Closed alxndrkalinin closed 6 years ago
I'm still working through the main results, but this immediately caught my eye:
To encourage adoption of multitask deep-learning methods, we open source all modeling code and datasets for the Kaggle, Factors, Kinase, and UV dataset collections as part of the DeepChem example suite. We hope that this example code and data will facilitate broader adoption of multitask deep-learning techniques for commercial drug discovery.
That's in reference to four datasets from the Merck authors. In our data sharing discussion, we wrote:
Private companies may establish a competitive advantage by releasing data sufficient for improved methods to be developed.
This would be a perfect example of that! (cc @cgreene)
Nice! I think the term in the industry is "pre-competitive". It'll be very nice to have something to note there, as opposed to me saying something random into the breeze. :smile:
I don't think the performance here requires changing the tone of our Ligand-based prediction of bioactivity
section. They introduce two multitask architectures -- progressive and bypass -- that are new to drug discovery. Those are benchmarked along with singletask fully connected networks, multitask networks, and random forest on four Merck datasets. They assess performance on the continuous labels using R^2.

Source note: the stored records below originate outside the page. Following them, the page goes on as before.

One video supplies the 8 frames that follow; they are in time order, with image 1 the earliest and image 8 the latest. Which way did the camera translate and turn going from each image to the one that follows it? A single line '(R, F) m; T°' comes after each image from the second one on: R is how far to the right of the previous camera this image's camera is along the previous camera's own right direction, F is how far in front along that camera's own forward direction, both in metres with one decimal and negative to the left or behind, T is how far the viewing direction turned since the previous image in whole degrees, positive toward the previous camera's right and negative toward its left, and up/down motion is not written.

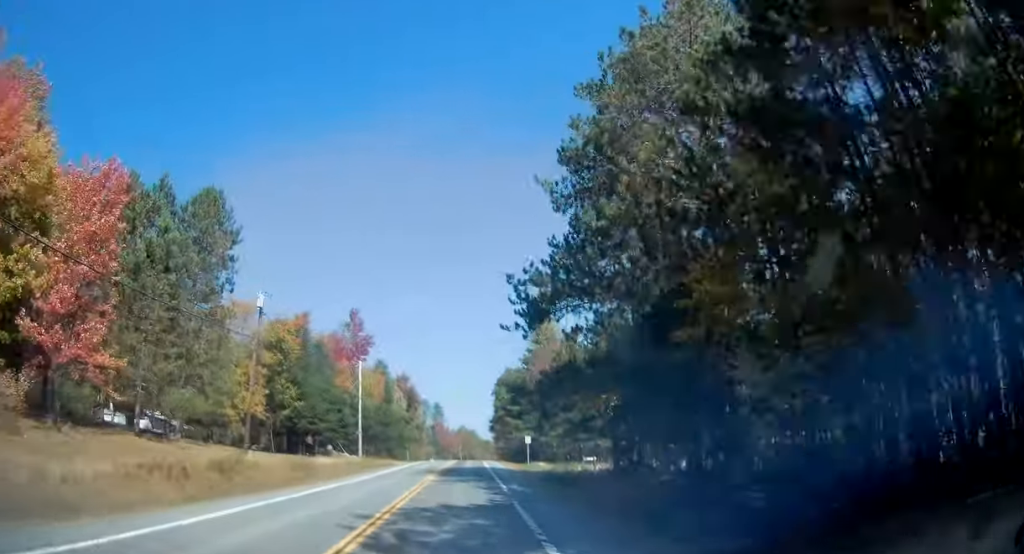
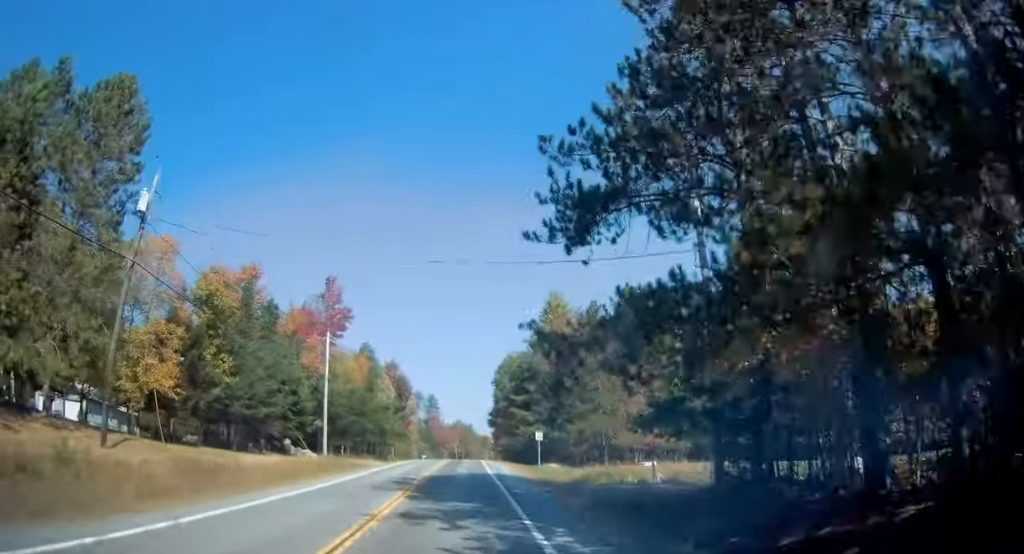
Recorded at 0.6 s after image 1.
(+0.1, +13.5) m; +1°
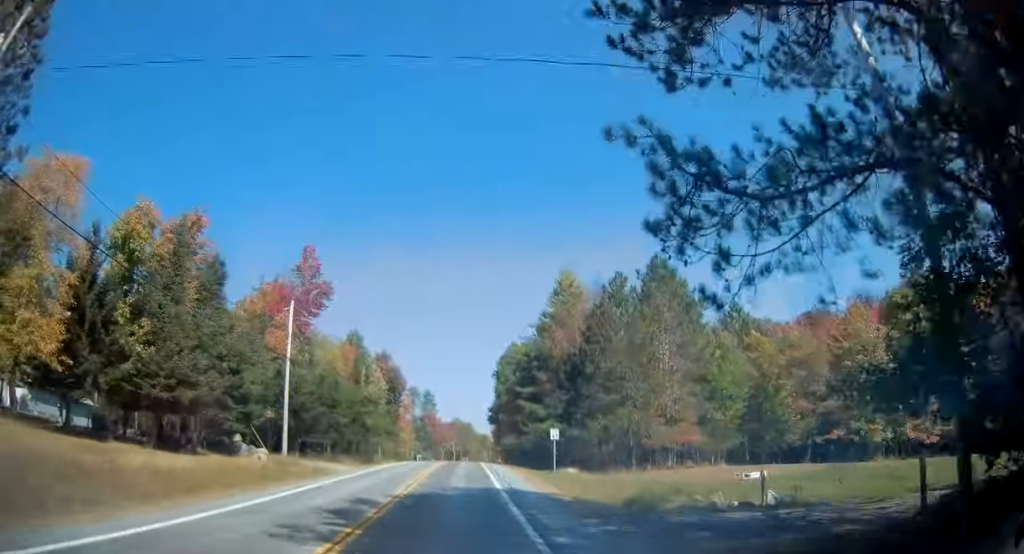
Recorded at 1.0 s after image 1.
(+0.1, +10.6) m; +1°
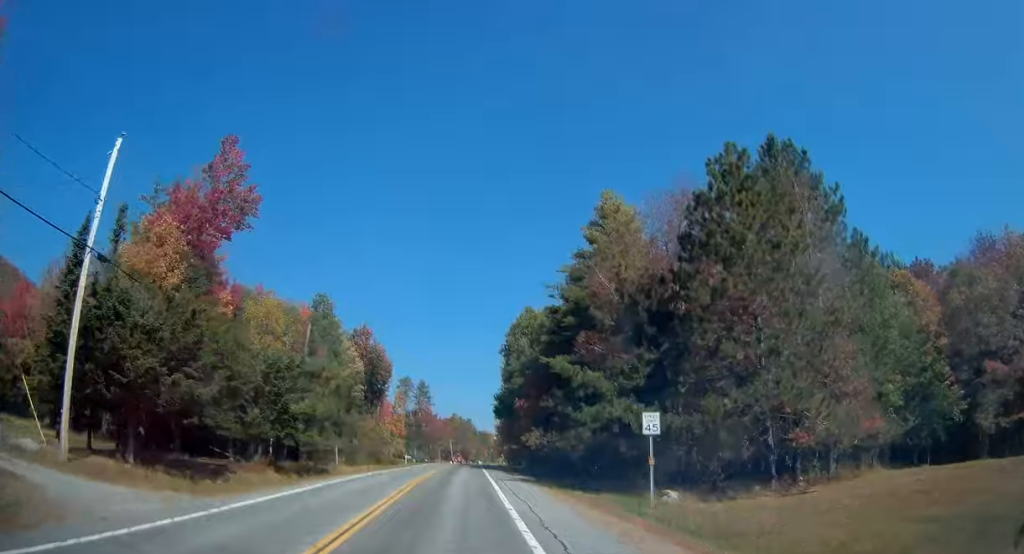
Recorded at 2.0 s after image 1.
(+0.3, +24.2) m; +1°
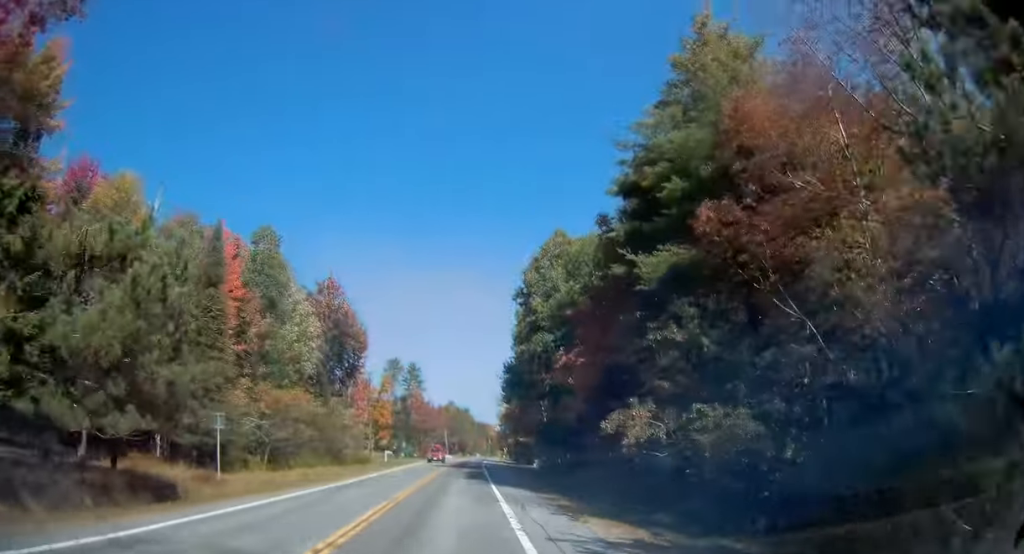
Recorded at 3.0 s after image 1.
(0.0, +25.7) m; 0°
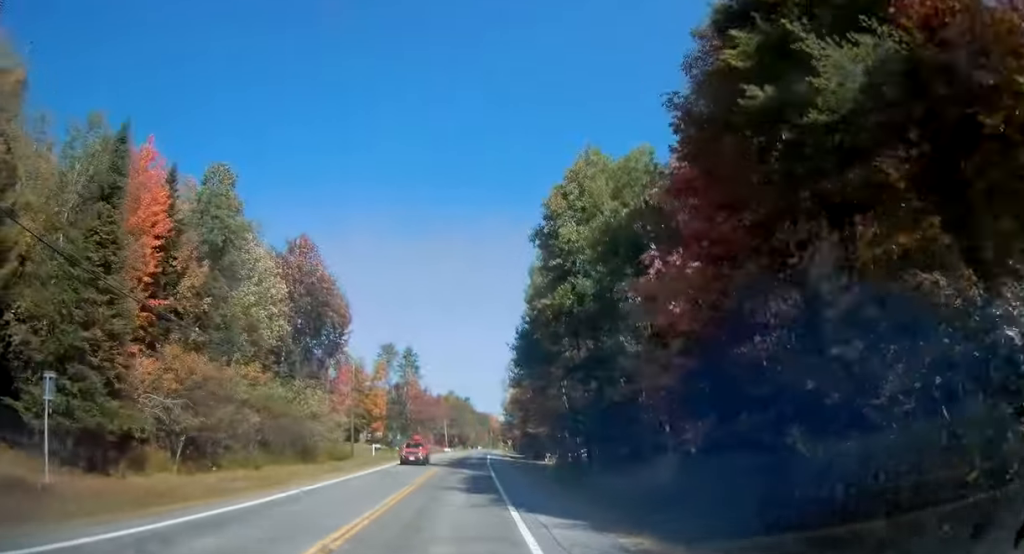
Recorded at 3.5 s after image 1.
(-0.1, +14.0) m; 0°
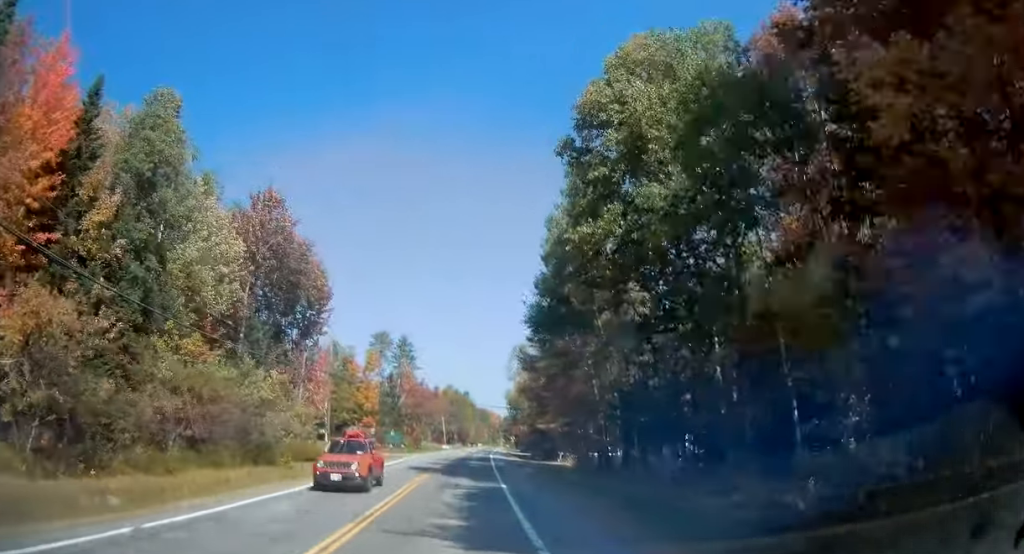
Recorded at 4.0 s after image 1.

In general, neural networks are better than random forest, but not for all tasks. In general, multitask networks are better than singletask, but not always. They look at task-task similarity in the relevant datasets, which influences the success of multitask models.
As I noted above, I think the collaboration with Merck is one of the more exciting components. Three of the four Merck datasets (all but the Kaggle dataset) are going to be released publicly for the first time via their DeepChem repository. That will open them to others for further benchmarking.
@agitter I agree!
these new architectures were also briefly mentioned in the moleculeNet paper https://arxiv.org/pdf/1703.00564.pdf (which we already cite) - the moleculeNet paper refers to this paper here as "Manuscript in preparation". we should definitely cite the current paper too.
We could discuss this more extensively in the drug discovery section, but we do cite it now in the Discussion so I'm closing the issue.
https://doi.org/10.1021/acs.jcim.7b00146
@rbharath's take on testing multitask deep learning performance in DeepChem.